Film critic Roger Ebert, who writes for the Chicago Sun-Times, considers the film a classic, and wrote, “Pixote stands alone in Babenco’s work, a rough, unblinking look at lives no human being should be required to lead. And the eyes of Fernando Ramos da Silva, his doomed young actor, regard us from the screen not in hurt, not in accusation, not in regret — but simply in acceptance of a desolate daily reality.”

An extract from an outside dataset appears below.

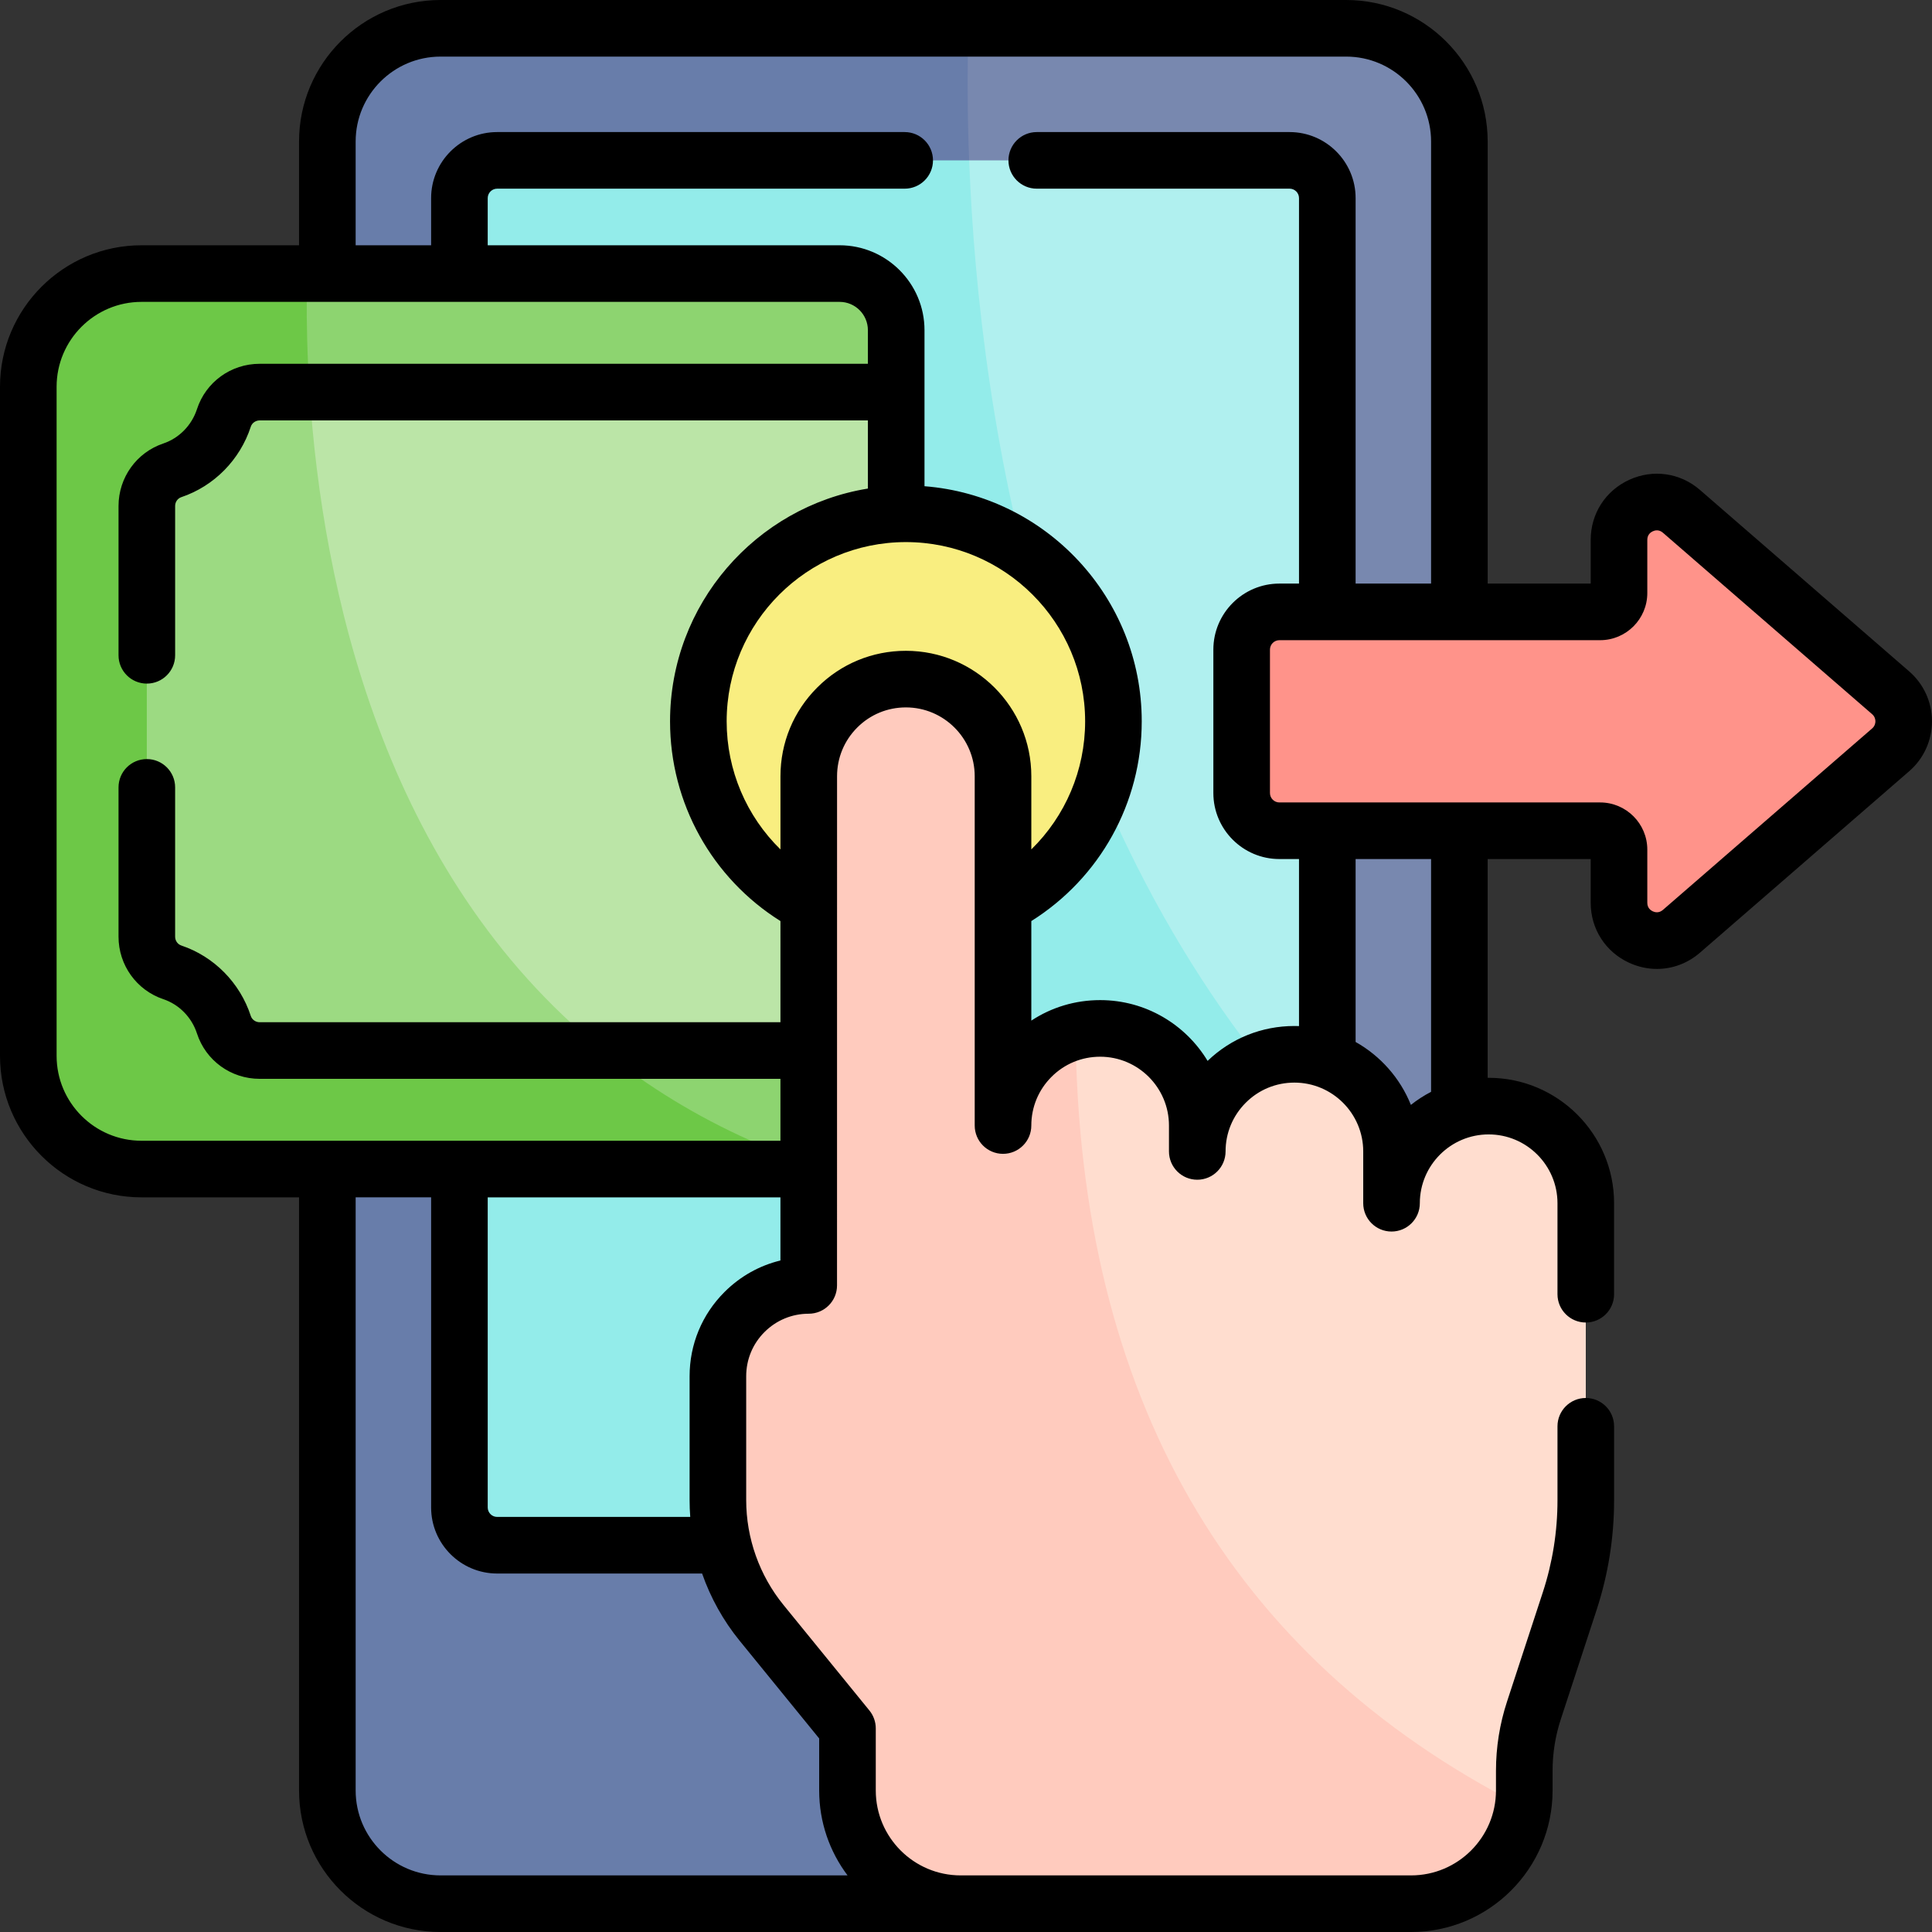 <svg enable-background="new 0 0 512 512" viewBox="0 0 512 512" xmlns="http://www.w3.org/2000/svg"><rect x="0" y="0" width="512" height="512" fill="#333333" stroke="none"/><g id="_x35_0_Loan"/><g id="_x34_9_Global_Economy"/><g id="_x34_8_Marketplace"/><g id="_x34_7_Protection"/><g id="_x34_6_Money"/><g id="_x34_5_Money_Management"/><g id="_x34_4_Invoice"/><g id="_x34_3_Interest_Rate"/><g id="_x34_2_Supply"/><g id="_x34_1_Monthly_Bill"/><g id="_x34_0_Pay_Day"/><g id="_x33_9_Shopping_Cart"/><g id="_x33_8_Recession"/><g id="_x33_7_Asset_Protection"/><g id="_x33_6_Loss"/><g id="_x33_5_Profit"/><g id="_x33_4_Trade"/><g id="_x33_3_Expense"/><g id="_x33_2_Financial_Strategy"/><g id="_x33_1_Payment_Terminal"/><g id="_x33_0_Withdrawal"/><g id="_x32_9_Tax"/><g id="_x32_8_Balance"/><g id="_x32_7_Stock_Market"/><g id="_x32_6_Cheque"/><g id="_x32_5_Deposit"/><g id="_x32_4_Gold_Ingots"/><g id="_x32_3_Income"/><g id="_x32_2_Cash_Flow"/><g id="_x32_1_Bankruptcy"/><g id="_x32_0_Money_Bag"/><g id="_x31_9_Value"/><g id="_x31_8_Inflation"/><g id="_x31_7_Insurance"/><g id="_x31_6_Startup"/><g id="_x31_5_Balance_Sheet"/><g id="_x31_4_Assets"/><g id="_x31_3_Bank"/><g id="_x31_2_Credit_Card"/><g id="_x31_1_Investment"/><g id="_x31_0_Growth"/><g id="_x39__Analysis"/><g id="_x38__Currency"/><g id="_x37__Statistic"/><g id="_x36__Debt"/><g id="_x35__Wallet"/><g id="_x34__Safebox"/><g id="_x33__Demand"/><g id="_x32__Online_Banking"><g><g><g><g><path d="m386.75 37.5v294.79c-175.661-63.435-180.583-232.772-130.11-324.79h100.11c16.57 0 30 13.43 30 30z" fill="#7888af"/><path d="m386.75 332.29s-115.59 172.21-132.16 172.21h-137.84c-16.57 0-30-13.43-30-30v-437c0-16.57 13.43-30 30-30h139.89c-2.03 69.58 8.76 236.2 130.11 324.79z" fill="#687daa"/></g><g><path d="m351.75 52.5v249.17c-112.05-56.389-140.882-161.367-94.91-259.17h84.91c5.52 0 10 4.48 10 10z" fill="#b0f0ef"/><path d="m351.75 301.67v97.83c0 5.52-4.48 10-10 10h-210c-5.52 0-10-4.48-10-10v-347c0-5.52 4.48-10 10-10h125.09c2.68 70.39 20.47 181.59 94.91 259.17z" fill="#93ecea"/></g></g><g><path d="m237.5 87.5v16.412l-40 87.243 40 87.244v31.411h-18.87c-154.936-27.08-161.142-170.813-137.25-237.31h141.12c8.28 0 15 6.72 15 15z" fill="#8dd470"/><path d="m218.63 309.81h-181.13c-16.57 0-30-13.43-30-30v-177.31c0-16.57 13.43-30 30-30h43.88c-1.37 54.91 9.7 196.14 137.25 237.31z" fill="#6dc847"/><g><path d="m237.5 103.91v174.49h-77.7c-85.049-38.599-99.343-115.222-77.75-174.49z" fill="#bbe5a7"/></g><g><path d="m159.8 278.4h-90.99c-4.3 0-8.15-2.75-9.48-6.84-2.13-6.55-7.22-11.72-13.66-13.88-4.05-1.36-6.76-5.18-6.76-9.45v-114.14c0-4.27 2.71-8.09 6.75-9.45 6.45-2.17 11.54-7.34 13.67-13.89 1.33-4.09 5.18-6.84 9.48-6.84h13.24c3.35 51.14 19.25 127.24 77.75 174.49z" fill="#9cda82"/></g></g><circle cx="240.065" cy="191.155" fill="#f9ee80" r="55"/><path d="m501.052 183.601-55.448-48.09c-6.475-5.616-16.552-1.016-16.552 7.555v14.09c0 2.761-2.239 5-5 5h-85c-5.523 0-10 4.477-10 10v38c0 5.523 4.477 10 10 10h85c2.761 0 5 2.239 5 5v14.09c0 8.571 10.077 13.17 16.552 7.555l55.448-48.09c4.597-3.989 4.597-11.123 0-15.11z" fill="#ff938a"/><g><path d="m420.25 318.87v78.72c0 9.08-1.44 18.1-4.26 26.72l-9.48 28.95c-1.7 5.18-2.56 10.59-2.56 16.03v5.21c0 1.63-.13 3.22-.39 4.78-.29-.48-.46-.74-.46-.74-103.754-21.29-140.259-92.597-118.07-205.16-.01 0-.01 0-.02 0 2.09-.55 4.28-.84 6.54-.84 14.21 0 25.74 11.52 25.74 25.74v6.86c0-7.1 2.88-13.54 7.54-18.2 4.65-4.66 11.09-7.54 18.2-7.54 14.21 0 25.74 11.53 25.74 25.74v13.73c0-14.21 11.52-25.74 25.74-25.74s25.74 11.53 25.74 25.74z" fill="#ffddcf"/><path d="m403.56 479.28c-2.28 14.3-14.67 25.22-29.61 25.22h-119.36c-16.57 0-30-13.43-30-30v-16.46l-22.78-27.98c-7.48-9.19-11.56-20.67-11.56-32.52v-32.82c0-6.65 2.69-12.67 7.05-17.02 4.36-4.36 10.38-7.05 17.02-7.05l.01-134.93c0-7.11 2.88-13.55 7.54-18.21 4.65-4.66 11.09-7.54 18.2-7.54 14.21 0 25.74 11.53 25.74 25.75v92.56c0-7.11 2.88-13.54 7.54-18.2 3.17-3.18 7.17-5.52 11.64-6.7.01.01.03 0 .04 0 .88 96.78 40.83 165.73 118.07 205.16 0 0 .17.26.46.74z" fill="#ffcbbe"/></g></g><path d="m505.966 177.935-55.448-48.09c-5.242-4.546-12.42-5.581-18.732-2.7s-10.234 8.981-10.234 15.92v11.59h-27.302v-117.155c0-20.678-16.822-37.5-37.5-37.5h-240c-20.678 0-37.5 16.822-37.5 37.5v27.5h-41.75c-20.678 0-37.5 16.822-37.5 37.5v177.31c0 20.678 16.822 37.5 37.5 37.5h41.75v157.19c0 20.678 16.822 37.5 37.5 37.5h257.2c20.678 0 37.5-16.822 37.5-37.5v-5.21c0-4.665.735-9.272 2.187-13.696l9.481-28.952c3.073-9.395 4.631-19.169 4.631-29.052v-19.61c0-4.142-3.358-7.5-7.5-7.5s-7.5 3.358-7.5 7.5v19.61c0 8.296-1.308 16.501-3.887 24.386l-9.479 28.945c-1.947 5.932-2.934 12.112-2.934 18.369v5.21c0 12.407-10.093 22.5-22.5 22.5h-119.359c-12.407 0-22.5-10.093-22.5-22.5v-16.46c0-1.725-.595-3.397-1.684-4.735l-22.779-27.979c-6.369-7.825-9.877-17.693-9.877-27.786v-32.82c0-4.434 1.721-8.592 4.853-11.717 3.13-3.13 7.291-4.854 11.717-4.854 4.142 0 7.5-3.357 7.5-7.5l.01-134.93c0-4.877 1.897-9.461 5.349-12.913 3.435-3.442 8.012-5.337 12.891-5.337 10.058 0 18.24 8.187 18.24 18.25v92.56c0 4.142 3.358 7.5 7.5 7.5s7.5-3.358 7.5-7.5c0-4.871 1.897-9.451 5.349-12.902 3.435-3.442 8.012-5.337 12.891-5.337 10.058 0 18.24 8.182 18.24 18.24v6.86c0 4.142 3.358 7.5 7.5 7.5s7.5-3.358 7.5-7.5c0-4.871 1.897-9.451 5.349-12.903 3.435-3.442 8.012-5.337 12.891-5.337 10.058 0 18.24 8.183 18.24 18.24v13.73c0 4.142 3.358 7.5 7.5 7.5s7.5-3.358 7.5-7.5c0-10.058 8.182-18.24 18.24-18.24s18.24 8.183 18.24 18.24v24.11c0 4.142 3.358 7.5 7.5 7.5s7.5-3.358 7.5-7.5v-24.11c0-18.329-14.912-33.24-33.24-33.24-.087 0-.173.001-.26.001v-57.976h27.302v11.59c0 6.938 3.921 13.039 10.233 15.92 2.369 1.081 4.858 1.611 7.322 1.611 4.104 0 8.135-1.47 11.411-4.311l55.447-48.09c3.835-3.325 6.034-8.144 6.034-13.22.001-5.075-2.198-9.894-6.033-13.22zm-468.466 124.375c-12.407 0-22.5-10.093-22.5-22.5v-177.31c0-12.407 10.093-22.5 22.5-22.5h185c4.136 0 7.5 3.364 7.5 7.5v8.91h-161.19c-7.598 0-14.274 4.831-16.612 12.021-1.394 4.287-4.732 7.689-8.93 9.102-7.092 2.387-11.857 9.041-11.857 16.558v39.57c0 4.142 3.358 7.5 7.5 7.5s7.5-3.358 7.5-7.5v-39.57c0-1.07.66-2.011 1.642-2.341 8.674-2.918 15.556-9.901 18.411-18.679.318-.977 1.283-1.659 2.348-1.659h161.188v18.061c-29.692 4.83-52.43 30.654-52.43 61.689 0 21.655 11.101 41.537 29.257 52.931l-.002 26.809h-138.015c-1.064 0-2.03-.683-2.348-1.659-2.856-8.784-9.737-15.764-18.404-18.67-.986-.332-1.648-1.272-1.648-2.341v-39.57c0-4.142-3.358-7.5-7.5-7.5s-7.5 3.358-7.5 7.5v39.57c0 7.52 4.771 14.175 11.875 16.561 4.187 1.404 7.519 4.801 8.913 9.088 2.338 7.19 9.014 12.021 16.612 12.021h138.014l-.001 16.41h-169.323zm179.59 158.397v13.793c0 8.435 2.8 16.228 7.518 22.5h-107.858c-12.407 0-22.5-10.093-22.5-22.5v-157.19h20v82.19c0 9.649 7.851 17.5 17.5 17.5h54.312c2.245 6.425 5.592 12.464 9.932 17.795zm-25.087-118.316c-5.967 5.953-9.253 13.883-9.253 22.33v32.82c0 1.491.057 2.979.17 4.46h-51.17c-1.378 0-2.5-1.122-2.5-2.5v-82.19h77.572l-.001 16.731c-5.566 1.348-10.67 4.2-14.818 8.349zm48.067-169.921c-8.891 0-17.24 3.46-23.503 9.736-6.279 6.279-9.737 14.629-9.737 23.513l-.001 19.385c-9.002-8.803-14.259-20.954-14.259-33.945 0-26.191 21.309-47.5 47.5-47.5s47.5 21.309 47.5 47.5c0 12.987-5.257 25.138-14.26 33.943v-19.382c0-18.334-14.912-33.25-33.24-33.25zm79.955 108.677c-5.825-9.646-16.409-16.107-28.476-16.107-6.587 0-12.875 1.898-18.24 5.435v-26.384c18.158-11.397 29.26-31.281 29.26-52.931 0-32.803-25.403-59.785-57.57-62.307v-41.353c0-12.407-10.093-22.5-22.5-22.5h-93.25v-12.5c0-1.378 1.122-2.5 2.5-2.5h108c4.142 0 7.5-3.358 7.5-7.5s-3.358-7.5-7.5-7.5h-108c-9.649 0-17.5 7.851-17.5 17.5v12.5h-20v-27.5c0-12.407 10.093-22.5 22.5-22.5h240c12.407 0 22.5 10.093 22.5 22.5v117.155h-20v-102.155c0-9.649-7.851-17.5-17.5-17.5h-67c-4.142 0-7.5 3.358-7.5 7.5s3.358 7.5 7.5 7.5h67c1.378 0 2.5 1.122 2.5 2.5v102.155h-5.198c-9.649 0-17.5 7.851-17.5 17.5v38c0 9.649 7.851 17.5 17.5 17.5h5.198v44.267c-.405-.015-.812-.022-1.22-.022-8.656 0-16.8 3.28-23.004 9.247zm53.874 11.662c-2.84-7.085-8.053-12.972-14.649-16.676v-48.478h20v61.69c-1.897.984-3.689 2.146-5.351 3.464zm122.239-99.766-55.448 48.09c-1.056.917-2.13.636-2.676.386-.546-.249-1.462-.876-1.462-2.274v-14.09c0-6.893-5.607-12.5-12.5-12.5h-85c-1.378 0-2.5-1.122-2.5-2.5v-38c0-1.378 1.122-2.5 2.5-2.5h85c6.893 0 12.5-5.607 12.5-12.5v-14.09c0-1.398.916-2.025 1.462-2.274.547-.25 1.621-.53 2.676.386l55.448 48.09c.75.65.862 1.462.862 1.889s-.112 1.237-.862 1.887z"/></g></g><g id="_x31__Accounting"/></svg>

Critic Pauline Kael was impressed by its raw, documentary-like quality, and a certain poetic realism. She wrote, “Babenco’s imagery is realistic, but his point of view is shockingly lyrical. South American writers, such as Gabriel Garcia Marquez, seem to be in perfect, poetic control of madness, and Babenco has some of this gift, too. South American artists have to have it, in order to express the texture of everyday insanity.”
The New York Times film critic, Vincent Canby, liked the neo-realist acting and direction of the drama, and wrote, “[Pixote], the third feature film by the Argentine-born Brazilian director Hector Babenco, is a finely made, uncompromisingly grim movie about the street boys of São Paulo, in particular about Pixote – which, according to the program, translates roughly as Peewee…The performances are almost too good to be true, but Mr. Da Silva and Miss Pera are splendid. Pixote is not for the weak of stomach. A lot of the details are tough to take, but it is neither exploitative nor pretentious. Mr. Babenco shows us rock-bottom, and because he is an artist, he makes us believe it as well all of the possibilities that have been lost.”